WHAT TO PRODUCE
Give every entry below again, exactly as written, and skip the images.

[INPUT RECORDS Boundary: Start]

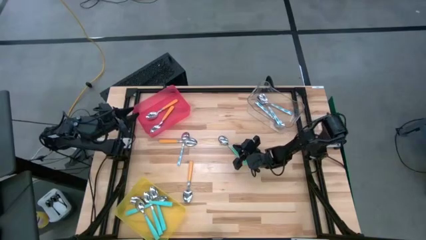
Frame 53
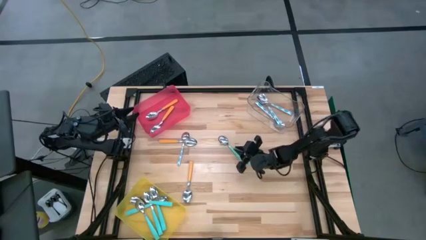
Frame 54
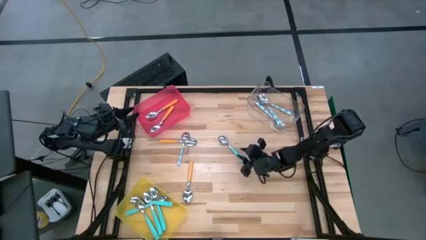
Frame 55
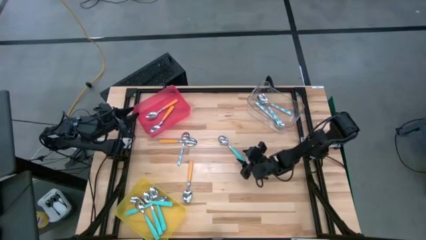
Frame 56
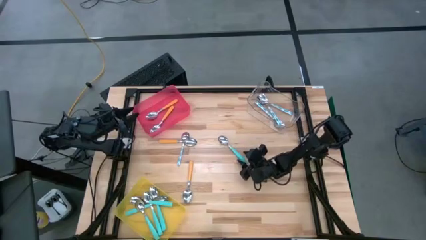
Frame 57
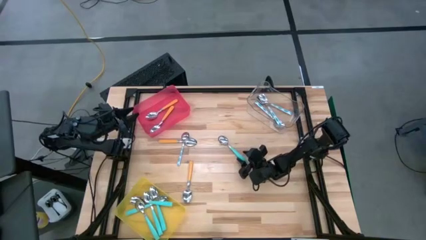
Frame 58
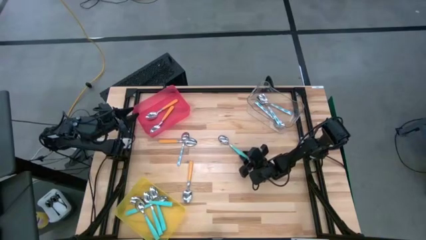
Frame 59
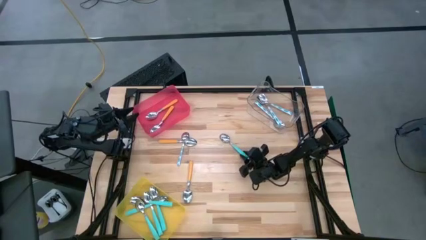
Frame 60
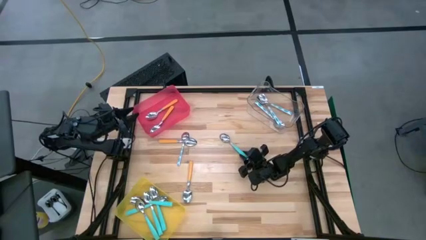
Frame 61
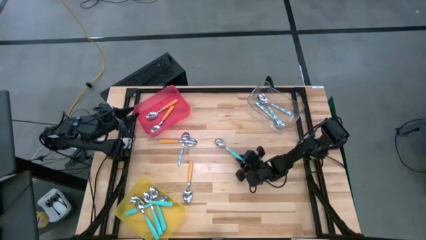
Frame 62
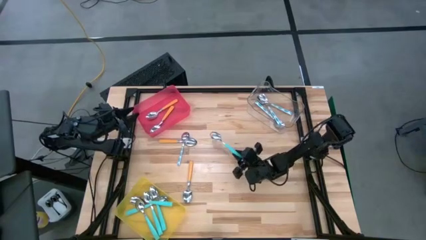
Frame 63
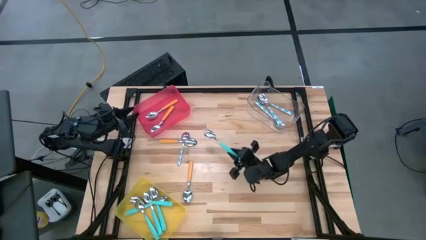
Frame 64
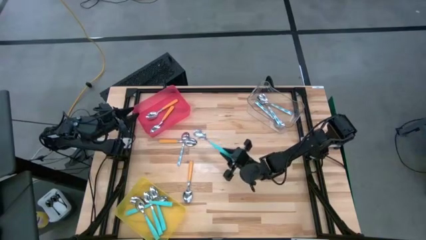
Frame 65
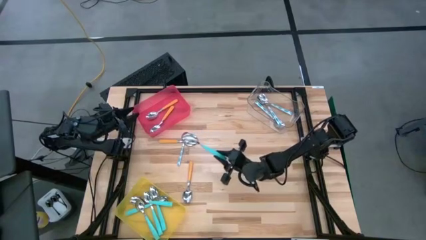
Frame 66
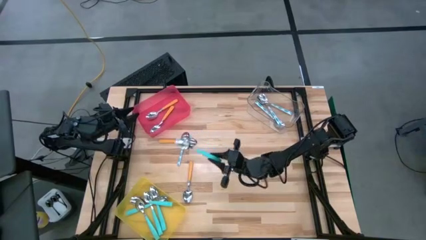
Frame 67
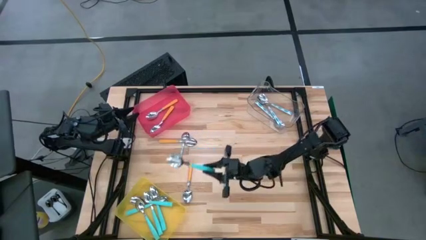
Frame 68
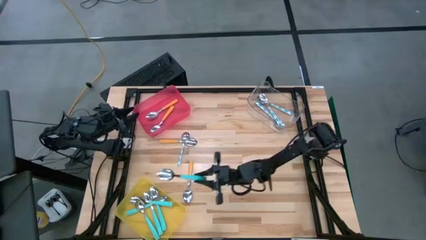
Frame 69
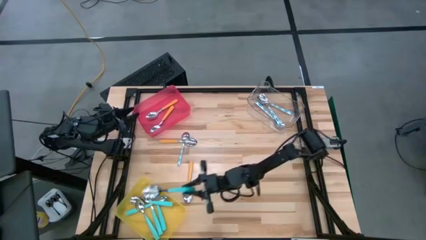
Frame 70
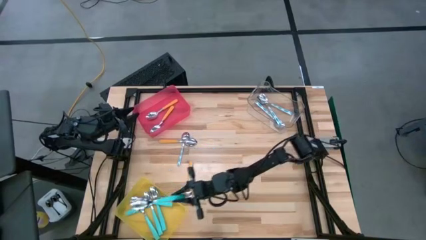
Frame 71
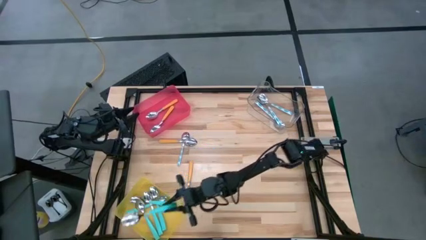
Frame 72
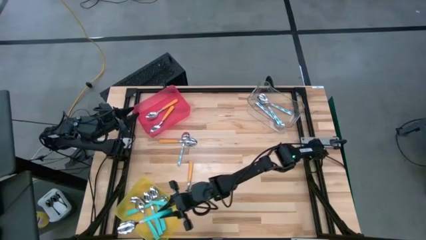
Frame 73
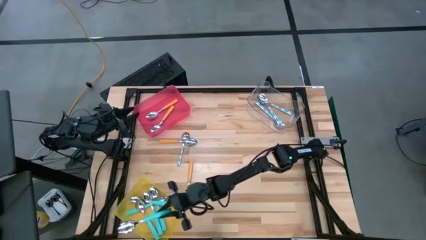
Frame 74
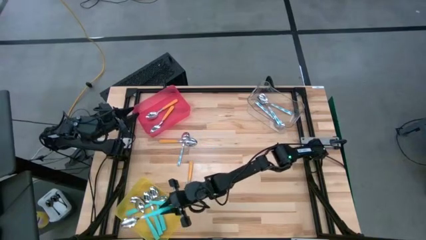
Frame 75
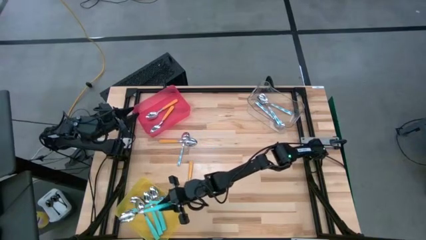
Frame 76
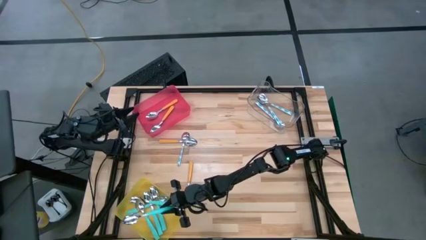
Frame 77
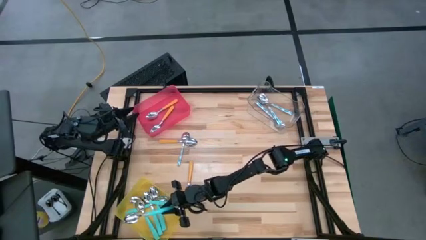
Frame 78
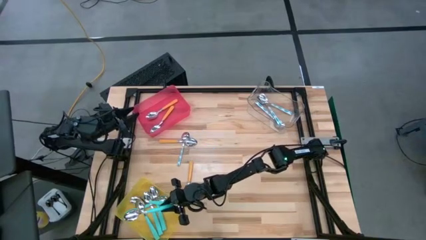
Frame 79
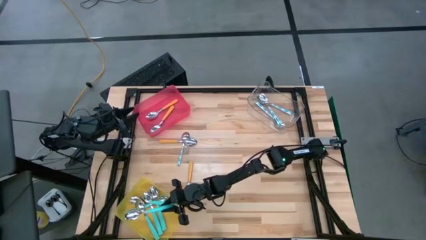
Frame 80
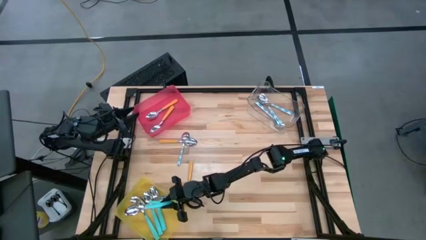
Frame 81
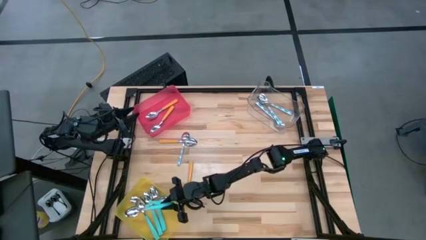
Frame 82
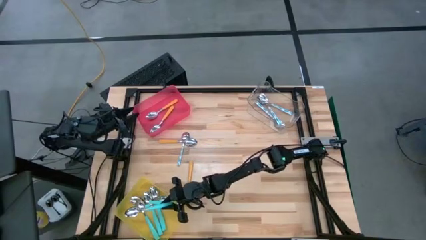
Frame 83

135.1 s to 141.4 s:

[INPUT RECORDS Boundary: End]

RESPONSE TO THE TASK
Frame 53
Frame 54
Frame 55
Frame 56
Frame 57
Frame 58
Frame 59
Frame 60
Frame 61
Frame 62
Frame 63
Frame 64
Frame 65
Frame 66
Frame 67
Frame 68
Frame 69
Frame 70
Frame 71
Frame 72
Frame 73
Frame 74
Frame 75
Frame 76
Frame 77
Frame 78
Frame 79
Frame 80
Frame 81
Frame 82
Frame 83

135.1 s to 141.4 s:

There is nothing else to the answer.